The harmonic series \[ 1+1/2+1/3+\cdots \] does not converge. For a proof, see problem 33 on page 105 of the Gilbert-Vanstone book where they ask you to show by induction that, for all \(n\), \[ 1+1/2+1/3+\cdots+1/2^{n}\ge 1+n/2 \] Therefore the sequence of partial sums diverges (slowly) to infinity.
An infinite decimal is shorthand notation for an infinite series (and thus a sequence). \[ .a_0a_1a_2\cdots = \sum_{i=0}^{\infty} a_{i}10^{-i} \]
An eventually repeating decimal is a decimal expansion such that there is an \(N\) and a \(k\) so that for all \(i\ge N\) we have \(a_{i+k}=a_{i}\). In other words there is a block of \(k\) digits \(a_N, a_{N+1},\cdots,a_{N+k}\) that repeat over and over.
Proposition: An eventually repeating decimal converges to a rational number.
Proof: First suppose our decimal begins repeating right at the decimal point, so it looks like \(a_1 a_2\cdots a_k a_1 a_2\cdots\). Let \(A\) be the integer \(a_1a_2\cdots a_k\). Then the decimal corresponds to the series \[ \frac{A}{10^{k}}(1+\frac{1}{10^{k}}+\cdots) \] This is a geometric series which we know converges to \[ \frac{A}{10^{k}}\frac{1}{1-(1/10)^{k}} \] which is a rational number.
If the decimal \(x\) has an initial, non repeating part, of length \(N\), with digits \(a_1 a_2 \ldots a_N\) followed by blocks of \(k\) digits \(b_1 b_2\ldots b_k\), we can split out the leading part and write \(x\) as the series:
\[ x=\frac{A}{10^{N}}+\frac{1}{10^{N+k}}(B + B/10^{k} + \cdots) \] where \(A\) and \(B\) are the integers made up of the initial digits and the repeating block respectively. The second part of this series converges to a rational number by the earlier work, and so the sum is a rational number.
There was nothing special about base \(10\) and the same would be true for repeating “decimals” in any base.

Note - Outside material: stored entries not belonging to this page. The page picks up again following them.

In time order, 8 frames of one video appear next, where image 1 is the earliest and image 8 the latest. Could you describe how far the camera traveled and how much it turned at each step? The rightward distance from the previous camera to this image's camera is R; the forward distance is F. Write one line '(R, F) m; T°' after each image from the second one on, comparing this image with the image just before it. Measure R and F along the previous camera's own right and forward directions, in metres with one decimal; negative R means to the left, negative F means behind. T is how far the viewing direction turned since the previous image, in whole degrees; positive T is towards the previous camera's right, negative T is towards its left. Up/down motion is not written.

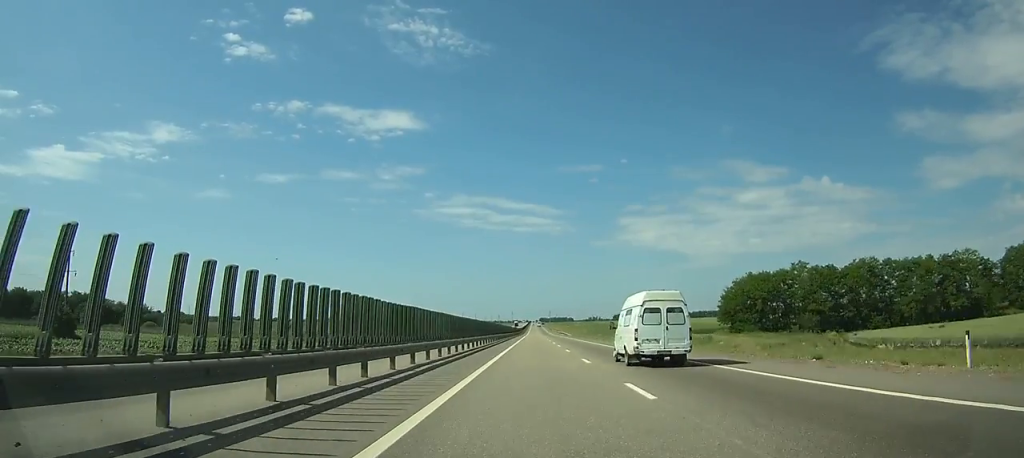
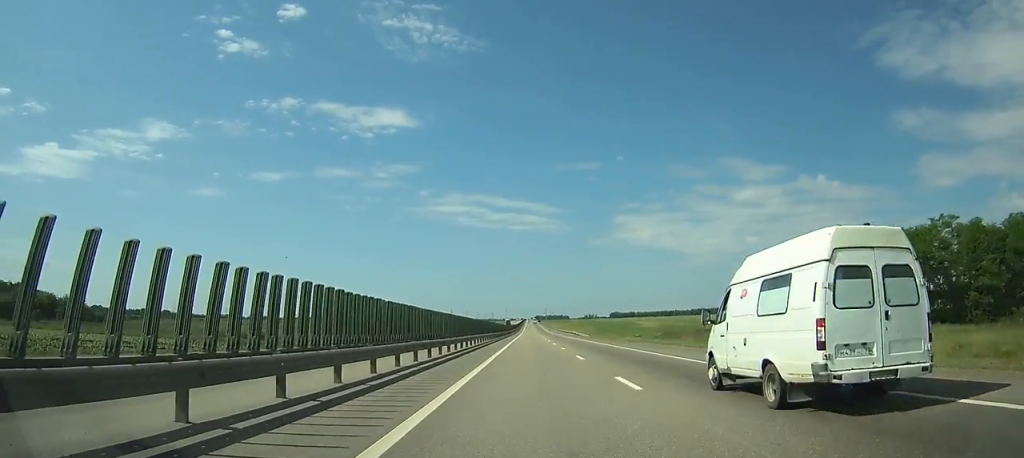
(+0.1, +47.1) m; 0°
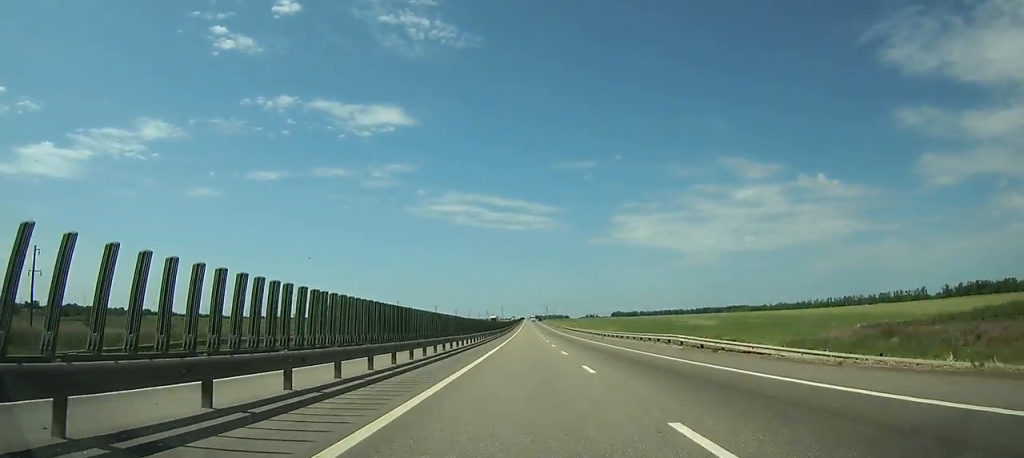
(+0.2, +78.3) m; 0°
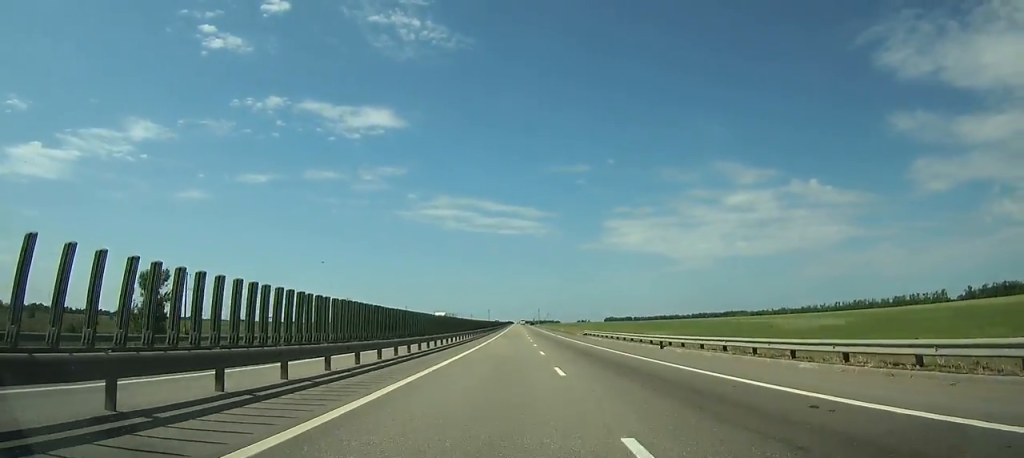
(+0.2, +71.0) m; 0°
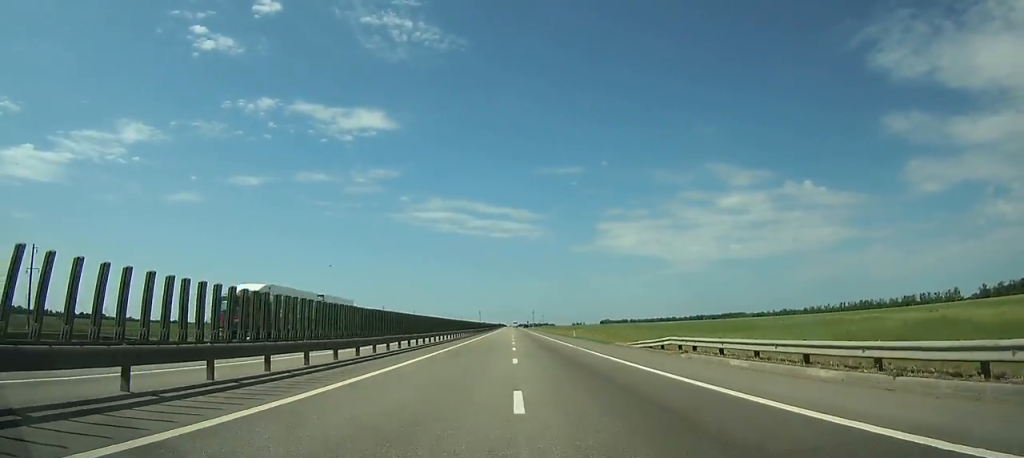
(+0.1, +40.0) m; 0°
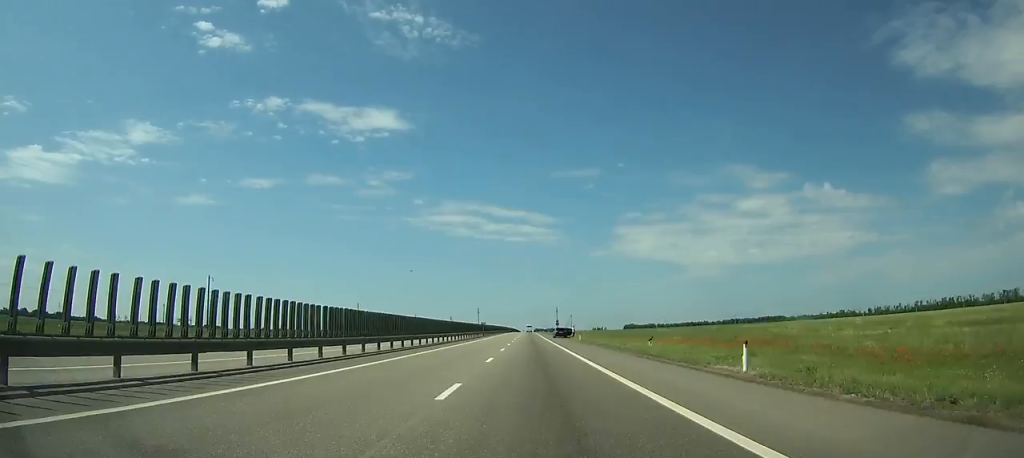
(-0.4, +192.5) m; 0°
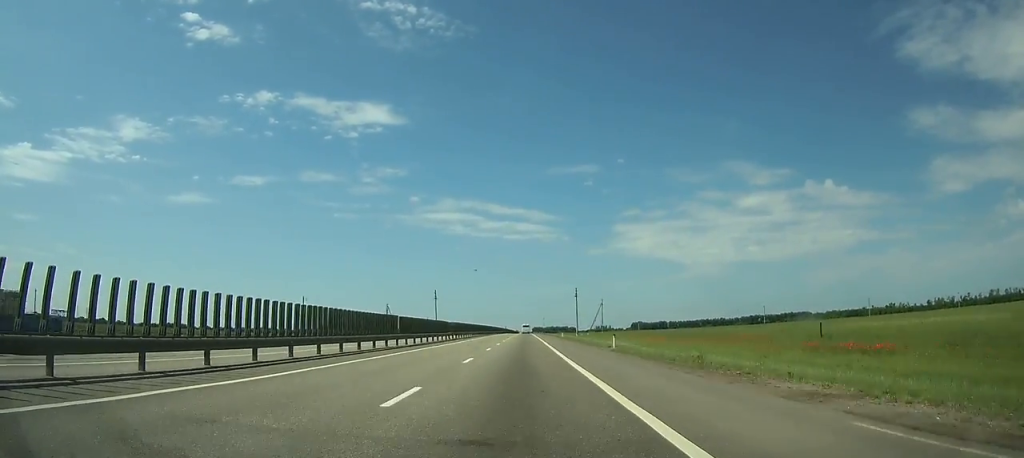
(-0.1, +183.9) m; 0°
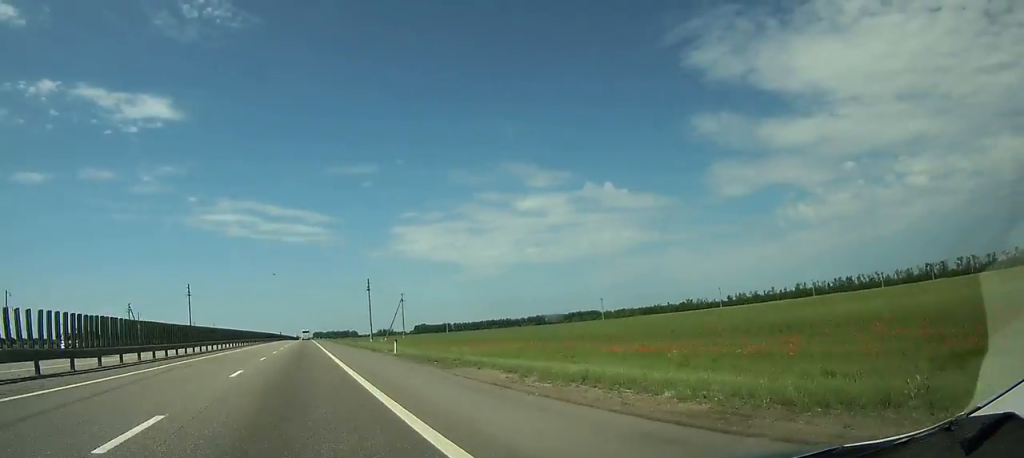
(-0.1, +49.9) m; 0°

For the converse we make an inductive argument. We are given a fraction \(a/b\) and we want to construct a decimal expansion and prove that it is repeating. First, we use the division algorithm to write \(a=qb+r\) and see that \(a/b = q +r/b\). Now we proceed as follows. We multiply \(r\) by \(10\) and divide again by \(b\) using the division algorithm: \[ 10r = q_1b+r_1. \]

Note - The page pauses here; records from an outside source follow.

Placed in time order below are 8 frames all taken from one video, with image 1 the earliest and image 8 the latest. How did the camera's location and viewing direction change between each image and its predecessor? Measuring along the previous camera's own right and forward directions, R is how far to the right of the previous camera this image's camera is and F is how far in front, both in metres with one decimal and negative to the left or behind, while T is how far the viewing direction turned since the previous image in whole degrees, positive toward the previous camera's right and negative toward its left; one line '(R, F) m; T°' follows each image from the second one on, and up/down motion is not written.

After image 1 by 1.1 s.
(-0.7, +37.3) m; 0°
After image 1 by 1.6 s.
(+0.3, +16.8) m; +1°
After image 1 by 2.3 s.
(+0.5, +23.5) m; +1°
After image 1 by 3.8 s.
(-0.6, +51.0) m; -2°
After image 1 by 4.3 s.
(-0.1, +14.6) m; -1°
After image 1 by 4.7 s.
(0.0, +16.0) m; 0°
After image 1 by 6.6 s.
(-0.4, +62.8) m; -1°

This tells us that \(r/b = q_1/10+r_1/10b\) Since \(r_1<b\), the fraction \(r_1/10b\) is less than \(1/10\). Also, since \(r_1<b\), \(10r_1<10b\) and so \(q_1<10\). Therefore \(q_1\) is the first decimal digit of \(r/b\). Now we repeat the process with \(r_1\): \[ 10r_1 = q_2b+r_2 \] which yields \(r_1/b = q_2/10 + r_2/(10b)\) or \[ r/b=q_1/10+q_2/100+r_2/(100b). \] Again, \(q_2<10\) and \(r_2/100b<1/100\).
Now we proceed by induction. Suppose we have \[ r/b = q_1/10+q_2/100+\cdots+q_n/10^{n}+\frac{r_n}{10^{n}b} \] with each \(q_i<10\) and \(r_n<b\) so that \(r_n/(10^{n}b)<1/10^{n}\). Define \(r_{n+1}\) by dividing by \(10r_{n}\) by \(b\): \[ 10r_{n}=q_{n+1}b+r_{n+1}. \] Again, \(q_{n+1}<10\) and \(r_{n+1}<b\). Also \[ r_{n}/b=\frac{q_{n+1}}{10}+\frac{r_{n+1}}{10b} \] so \[ r/b = \frac{q_1}{10}+\frac{q_2}{100}+\cdots+\frac{q_n}{10^n}+\frac{q_{n+1}}{10^{n+1}}+\frac{r_{n+1}}{10^{n+1}b}. \]

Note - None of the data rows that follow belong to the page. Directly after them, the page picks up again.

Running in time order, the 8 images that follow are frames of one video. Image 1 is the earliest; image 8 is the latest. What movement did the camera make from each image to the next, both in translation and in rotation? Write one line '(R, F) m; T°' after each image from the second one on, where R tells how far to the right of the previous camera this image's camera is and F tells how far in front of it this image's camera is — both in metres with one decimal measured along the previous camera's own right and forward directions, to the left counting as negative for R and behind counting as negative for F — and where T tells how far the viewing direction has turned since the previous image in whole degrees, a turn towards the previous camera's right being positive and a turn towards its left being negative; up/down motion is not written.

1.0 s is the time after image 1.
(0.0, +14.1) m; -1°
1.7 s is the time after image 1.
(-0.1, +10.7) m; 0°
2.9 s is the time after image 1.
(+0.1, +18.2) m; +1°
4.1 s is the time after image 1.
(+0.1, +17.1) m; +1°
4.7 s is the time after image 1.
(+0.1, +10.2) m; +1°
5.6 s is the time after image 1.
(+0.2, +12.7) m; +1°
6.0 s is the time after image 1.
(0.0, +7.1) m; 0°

The key final observation in the proof is that the sequence of remainders \(r_{n+1}\) have two important properties:
These two facts force the sequence of remainders to ultimately repeat, because after considering \(b+1\) of them there have to be two of them which are equal; say \(r_{k}=r_{j}\) for some pair \(k,j\) with \(j>k\). But then \(r_{k+1}=r_{j+1}\), \(r_{k+2}=r_{j+2}\), and so on, and in fact \(r_{i+(j-k)}=r_{i}\) for any \(i\ge k\). Thus the sequence of \(r\)’s, and therefore the sequence of \(q\)’s, eventually becomes periodic.
Other bases: Notice that there was nothing special about \(10\) in the proof above, so rational numbers have periodic expansions in any base.